There was a business-as-usual atmosphere at the Old Ebbitt Grill last night as the venerable restaurant and drinking place counted down its last hours before closing its doors forever.

The staff carried on with a go-down-with-the-ship professionalism that seemed particularly suited to the Victorian ambiance of the restaurant, which has been in its present location since the 1920s and which traces its historical roots and its cherished artifacts back much farther than that.

And, indeed, the sadness expressed by both staff and patrons at the prospect that the Old Ebbitt would vanish from 1447 F Street NW was tempered by the knowledge that a new Old Ebbitt Grill is expected to open within a month around the corner in the 600 block of 15th Street.

But in the meantime ice clinked in glasses, tables were set and cleared, and indefatigable hostess Lori Fernand scrubbed offending fingerprints from the glass of the front door as the Old Ebbitt prepared to close.

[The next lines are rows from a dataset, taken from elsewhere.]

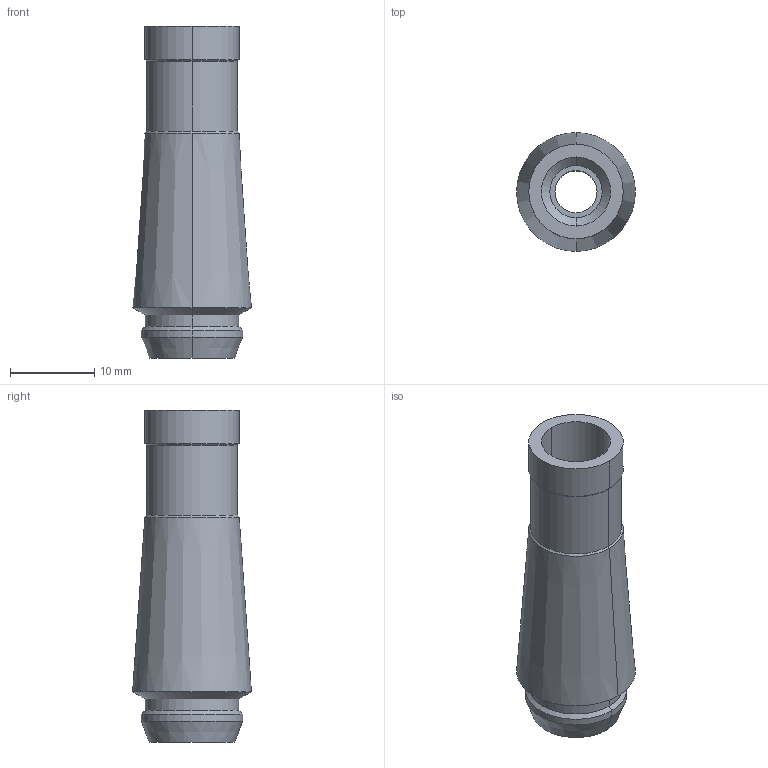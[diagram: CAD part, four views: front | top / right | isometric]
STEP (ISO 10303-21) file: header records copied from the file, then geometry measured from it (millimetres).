
FILE_DESCRIPTION((''),'2;1');
FILE_NAME('MEC8-5AA','2017-09-06T',('ykawabe'),(''),'CREO PARAMETRIC BY PTC INC, 2016380','CREO PARAMETRIC BY PTC INC, 2016380','');
FILE_SCHEMA(('AUTOMOTIVE_DESIGN { 1 0 10303 214 1 1 1 1 }'));
Length unit declared in the file: millimetre
Products named in the file (1): MEC8-5AA
Bounding box: 14.1 x 14.1 x 39.4 mm (x, y, z)
Volume: 3291.7 mm3; surface area: 2389.6 mm2
Topology: 1 solids, 1 shells, 31 faces, 62 edges, 34 vertices
Faces by surface type: cylinder 14, cone 14, plane 3
Entity records: 1281 total; most frequent: DIRECTION 168, CARTESIAN_POINT 134, ORIENTED_EDGE 124, AXIS2_PLACEMENT_3D 70, PRESENTATION_STYLE_ASSIGNMENT 67, STYLED_ITEM 67, CURVE_STYLE 66, EDGE_CURVE 62

In their attempt to maintain a stiff-upper-lip atmosphere, the 22 staff members may have been following the lead of assistant manager Matt Sheehan, who, as the final moments ticked by, vowed: "As long as it's humanly possible we'll keep it the Old Ebbitt Grill . . . it's always been."

And if some of last night's patrons were tourists who had never before been to Washington or visited the restaurant with its dark-wood wainscoting and famed mahogany bar, some were regulars who had strong feelings about the Old Ebbitt.

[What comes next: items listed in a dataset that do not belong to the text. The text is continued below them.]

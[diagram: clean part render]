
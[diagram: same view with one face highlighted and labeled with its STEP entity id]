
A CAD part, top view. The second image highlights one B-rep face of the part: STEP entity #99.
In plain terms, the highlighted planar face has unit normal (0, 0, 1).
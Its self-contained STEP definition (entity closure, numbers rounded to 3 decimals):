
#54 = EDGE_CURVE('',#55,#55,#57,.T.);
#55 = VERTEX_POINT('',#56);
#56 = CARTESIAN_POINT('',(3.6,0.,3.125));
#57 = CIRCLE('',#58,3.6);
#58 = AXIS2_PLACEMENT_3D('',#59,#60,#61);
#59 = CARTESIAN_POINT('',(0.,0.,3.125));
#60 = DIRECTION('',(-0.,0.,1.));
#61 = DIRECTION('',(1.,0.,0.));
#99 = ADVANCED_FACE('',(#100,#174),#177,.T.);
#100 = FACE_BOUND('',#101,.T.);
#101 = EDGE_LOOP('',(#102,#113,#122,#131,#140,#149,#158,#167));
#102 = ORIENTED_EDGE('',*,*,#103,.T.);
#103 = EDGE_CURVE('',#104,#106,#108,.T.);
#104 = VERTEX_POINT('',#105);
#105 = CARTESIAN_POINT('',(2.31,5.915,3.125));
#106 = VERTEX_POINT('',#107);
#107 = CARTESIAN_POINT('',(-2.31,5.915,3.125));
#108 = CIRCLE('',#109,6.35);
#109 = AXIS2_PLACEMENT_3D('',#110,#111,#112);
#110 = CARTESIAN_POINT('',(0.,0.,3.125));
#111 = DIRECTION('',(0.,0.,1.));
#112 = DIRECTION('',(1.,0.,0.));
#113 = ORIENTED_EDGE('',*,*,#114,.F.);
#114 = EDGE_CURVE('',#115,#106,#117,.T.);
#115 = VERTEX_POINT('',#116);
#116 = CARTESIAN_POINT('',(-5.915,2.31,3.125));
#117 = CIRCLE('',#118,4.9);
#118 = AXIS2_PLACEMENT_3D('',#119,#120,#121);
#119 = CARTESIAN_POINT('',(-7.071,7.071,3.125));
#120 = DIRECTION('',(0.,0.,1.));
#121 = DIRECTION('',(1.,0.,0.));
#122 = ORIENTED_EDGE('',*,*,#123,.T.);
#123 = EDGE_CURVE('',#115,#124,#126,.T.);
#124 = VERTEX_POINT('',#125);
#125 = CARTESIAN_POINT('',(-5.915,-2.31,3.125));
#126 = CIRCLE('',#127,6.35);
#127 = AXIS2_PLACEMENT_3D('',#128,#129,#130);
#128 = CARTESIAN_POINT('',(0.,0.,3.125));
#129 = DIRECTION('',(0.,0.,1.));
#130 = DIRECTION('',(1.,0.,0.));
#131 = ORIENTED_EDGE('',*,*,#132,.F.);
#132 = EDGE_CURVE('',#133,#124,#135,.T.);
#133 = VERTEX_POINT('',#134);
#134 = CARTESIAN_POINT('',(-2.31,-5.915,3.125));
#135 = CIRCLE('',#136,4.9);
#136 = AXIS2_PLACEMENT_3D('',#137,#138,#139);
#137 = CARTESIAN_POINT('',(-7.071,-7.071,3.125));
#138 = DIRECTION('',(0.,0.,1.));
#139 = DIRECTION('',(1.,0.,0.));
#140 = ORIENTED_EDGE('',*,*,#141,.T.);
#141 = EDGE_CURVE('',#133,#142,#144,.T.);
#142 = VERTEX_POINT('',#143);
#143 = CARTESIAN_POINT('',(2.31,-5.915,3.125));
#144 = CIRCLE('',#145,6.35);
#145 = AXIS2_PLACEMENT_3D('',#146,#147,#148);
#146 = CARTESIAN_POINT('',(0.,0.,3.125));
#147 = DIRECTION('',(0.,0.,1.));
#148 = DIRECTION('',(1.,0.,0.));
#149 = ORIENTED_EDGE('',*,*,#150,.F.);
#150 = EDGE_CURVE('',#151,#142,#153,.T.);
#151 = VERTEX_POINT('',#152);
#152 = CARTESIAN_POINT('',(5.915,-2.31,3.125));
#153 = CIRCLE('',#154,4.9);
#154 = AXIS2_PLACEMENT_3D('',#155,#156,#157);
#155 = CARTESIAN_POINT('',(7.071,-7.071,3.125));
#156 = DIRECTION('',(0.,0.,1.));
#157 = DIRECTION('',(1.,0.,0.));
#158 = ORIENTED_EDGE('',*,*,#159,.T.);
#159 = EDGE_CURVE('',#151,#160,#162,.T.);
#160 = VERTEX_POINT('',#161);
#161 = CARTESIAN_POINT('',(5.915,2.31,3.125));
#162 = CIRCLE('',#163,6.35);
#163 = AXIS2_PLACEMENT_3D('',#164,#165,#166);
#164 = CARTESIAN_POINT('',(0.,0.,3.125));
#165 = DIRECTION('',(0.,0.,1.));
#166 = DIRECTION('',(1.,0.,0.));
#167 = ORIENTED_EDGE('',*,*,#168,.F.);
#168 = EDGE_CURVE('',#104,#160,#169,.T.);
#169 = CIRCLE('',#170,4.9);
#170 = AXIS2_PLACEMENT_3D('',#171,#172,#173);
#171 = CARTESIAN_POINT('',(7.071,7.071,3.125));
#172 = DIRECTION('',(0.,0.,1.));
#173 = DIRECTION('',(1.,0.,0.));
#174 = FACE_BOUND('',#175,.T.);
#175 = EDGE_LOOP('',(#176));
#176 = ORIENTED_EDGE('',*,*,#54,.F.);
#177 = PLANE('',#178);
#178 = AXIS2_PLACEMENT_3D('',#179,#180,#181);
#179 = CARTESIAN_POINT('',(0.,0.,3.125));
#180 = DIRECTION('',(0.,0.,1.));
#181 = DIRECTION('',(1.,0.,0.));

"This is an institution," said Gerry Kennedy, glancing up at the timbered ceiling and at walls supporting a stuffed sailfish, huge and grainy photographs of old Washington scenes, a set of antlers and the head of a buffalo--which wore a tin hat--and the head of a walrus, which did not.

Although he was pleased about plans for the new restaurant, Kennedy said, losing the old Ebbitt was "like losing an old friend."

Among others who made a point of visiting the Ebbitt on its last day were Alan and Denise Willsey. Alan Willsey, 31, said the restaurant had a special meaning for him, because he had proposed marriage there to Denise, 28.

The Old Ebbitt, which is to be torn down and replaced by an office complex, "has a warmth all its own," said still another patron, Velma Davis. The expected opening of the new restaurant was of some cheer to her, she said, but she added: "I'm only sorry they're not going to have a little corner that looks like this place."

The mahogany bar and some of the other interior features of the restaurant have been traced back to the Victorian-style Ebbitt Hotel, built at 14th and F streets in 1872. After the hotel was razed in 1926, the bar was saved and installed in the restaurant.

The bar in the new version of the Ebbitt is to be a copy of the old one, employes said last night. But they said the carved woooden bear that stood last night on a shelf behind the bar, and is said to have once been owned by Alexander Hamilton, will join most of the staff and many of the patrons on 15th Street.